Urgent action needed by ASEAN’s banking sector to achieve climate change and sustainable development goals

Bangkok, Octobre 3, 2017 – Whilst governments in the region have committed to climate change and sustainable development goals, more must be done by the ASEAN banking sector if those commitments are to be reached. According to a WWF report released today, robust sustainable banking guidelines coupled with urgent action by banks are needed to prevent a looming environmental and social crisis that could cripple the region’s future economic growth.

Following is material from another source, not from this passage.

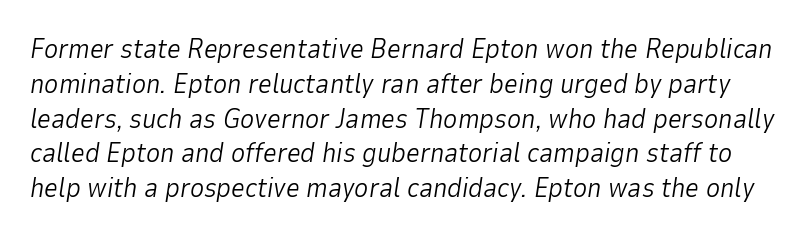
The words here are not underlined. These lines were composed using italics. You could call the tracking neutral — neither tight nor loose. In terms of leading, this rendering sits right in the middle.

The report, “Sustainable Banking in ASEAN: Addressing ASEAN’s FLAWS’” by WWF and the NUS (National University of Singapore) Business School’s Centre for Governance, Institutions and Organisations (CGIO) finds that national commitments to climate change and sustainable development are not well reflected in the practices of ASEAN banks, nor in the region’s banking regulations.

Even as ASEAN governments gear up to mitigate the impact of worsening environmental issues on their populations, banks continue to narrowly define and manage environmental risks. This contributes to environmental degradation such as climate change, which will exacerbate business risks for these banks and their clients over the longer term.

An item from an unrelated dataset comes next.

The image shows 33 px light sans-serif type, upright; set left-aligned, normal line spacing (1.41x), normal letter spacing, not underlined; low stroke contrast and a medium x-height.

Through the report, WWF calls for banks to expand their approach to Environmental, Social and Governance (ESG) integration. This requires moving beyond managing short term risks towards embedding sustainability into their strategy and aligning their portfolios fully with the Paris Agreement and SDGs.

While 21 of the 34 ASEAN banks analysed acknowledge that the activities they finance can have adverse environmental and social impacts, none of the banks disclose how they manage climate or sustainability risks at the portfolio level. Further, even though 26 banks refer to sustainability in their strategy or vision, only 12 banks acknowledge the importance of climate risk for society and businesses, of which only one has senior level oversight of climate risks. Shareholders increasingly expect banks to disclose how they manage climate risks in their portfolio as these impact the financial viability of the banks.

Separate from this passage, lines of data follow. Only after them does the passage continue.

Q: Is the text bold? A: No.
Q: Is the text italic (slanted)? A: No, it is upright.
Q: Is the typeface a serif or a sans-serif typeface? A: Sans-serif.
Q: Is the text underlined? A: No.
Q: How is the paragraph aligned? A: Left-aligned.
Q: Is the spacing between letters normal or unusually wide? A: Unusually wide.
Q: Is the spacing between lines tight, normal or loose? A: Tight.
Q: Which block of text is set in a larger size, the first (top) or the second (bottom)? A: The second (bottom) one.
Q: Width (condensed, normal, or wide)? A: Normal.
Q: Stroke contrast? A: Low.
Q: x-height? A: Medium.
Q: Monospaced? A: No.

Jeanne Stampe, WWF’s Head of Asia Finance and Commodities, said, “Countries will not have any chance of meeting their commitments to the Paris Climate Accord and the UN Sustainable Development Goals without the finance sector playing its part. There remains only four years from now to stay below a 1.5 degree temperature rise as adopted in the Paris Agreement. Banks must therefore act now and develop robust sustainable banking practices within the next 12 months.”

WWF stands ready to work with all of the banks in ASEAN to build capacity on ESG integration and improve understanding of key ESG issues such as climate, water and deforestation. WWF also calls for ASEAN’s regulators to implement prescriptive and time-bound sustainable finance guidelines in order to ensure the wider banking sector is making consistent progress towards these goals.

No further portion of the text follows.